Above is the Capacity Utilization rate for total industry in the United States since the 1960s. This is a measure of how much of our productive capacity at plants and mines and utilities are actually being used in response to demand. Lower rates of utilization mean there is too much slack in the economy with not enough people able to afford to buy the goods or output that could be produced at 100 percent utilization. Low and declining levels of capacity utilization are completely consistent with high levels of income inequality. This also invariably leads to plant closings, layoffs, and, thus, a continuing vicious cycle of less disposable income, more slack, more layoffs, more plant closings.
If America was truly on the right track, would our plants and utilities have been operating at 85 percent of capacity in the 70s, 80s and 90s, and now only operating at 77.5 percent as of this October – despite trillions of dollars spent on unprecedented fiscal stimulus, Fed loans to Wall Street and three rounds of quantitative easing since the crash?
Wall Street’s money grab is crippling America and our children’s future and ill-conceived trade deals by the power elite are accelerating the downward trend. There is no better way to understand the real threat of declining Capacity Utilization rates than this excerpt from a piece by Andy Harshaw posted at the web site of the steel manufacturer, ArcelorMittal, on June 23, 2015:
“High levels of capacity utilization are hallmarks of successful steel companies. In order to optimize our assets, ArcelorMittal USA must find ways to achieve higher levels of capacity utilization with no loss of total production or market share.
“Record levels of steel imports – up 70 percent for flat carbon products alone since 2013 – have consumed typical market demand that domestic steelmakers like ArcelorMittal would normally serve. As a result of this and other market forces, many of our key assets are running at relatively low capacity utilization levels, and they have been for quite some time.

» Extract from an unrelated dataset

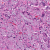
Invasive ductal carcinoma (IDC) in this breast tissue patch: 0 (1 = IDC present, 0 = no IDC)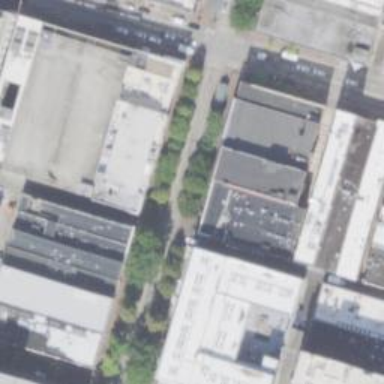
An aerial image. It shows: Alleyway designated as service road.

“Let’s focus on one example, our hot strip mills (HSMs) in the U.S., which average only 70 percent utilization. This means that they aren’t producing roughly 30 percent of the time, even though we are paying the costs associated with operating and maintaining those assets as if they were operating 100 percent of the time. Each of the companies’ four largest HSMs in the U.S. requires an average of $39 million per year in repair and maintenance just to keep them operating. On the whole, our U.S. operations require more than $1 billion in repair and maintenance costs each year.
“It is not sustainable to operate multiple HSMs at low utilization rates when the same volume of steel could be produced by fewer HSMs at higher utilization rates…
“For our facilities to succeed there is no doubt we need a stronger U.S. market, where imports compete fairly rather than via unfair trade practices to gain market share. We also need the right set of assets that match the geographic reach of our customers, a skilled workforce that embraces the competitive forces at play in our industry while being cost conscious on all fronts. Companies that adapt to changing conditions will survive; those who refuse to change will continue to fill the coffers of the bankruptcy lawyers.”
Bankruptcy lawyers, Wall Street CEOs, and beneficiaries of Washington’s gold-plated revolving door are doing just fine in America. We need a President and a Congress that genuinely care about the rest of Americans.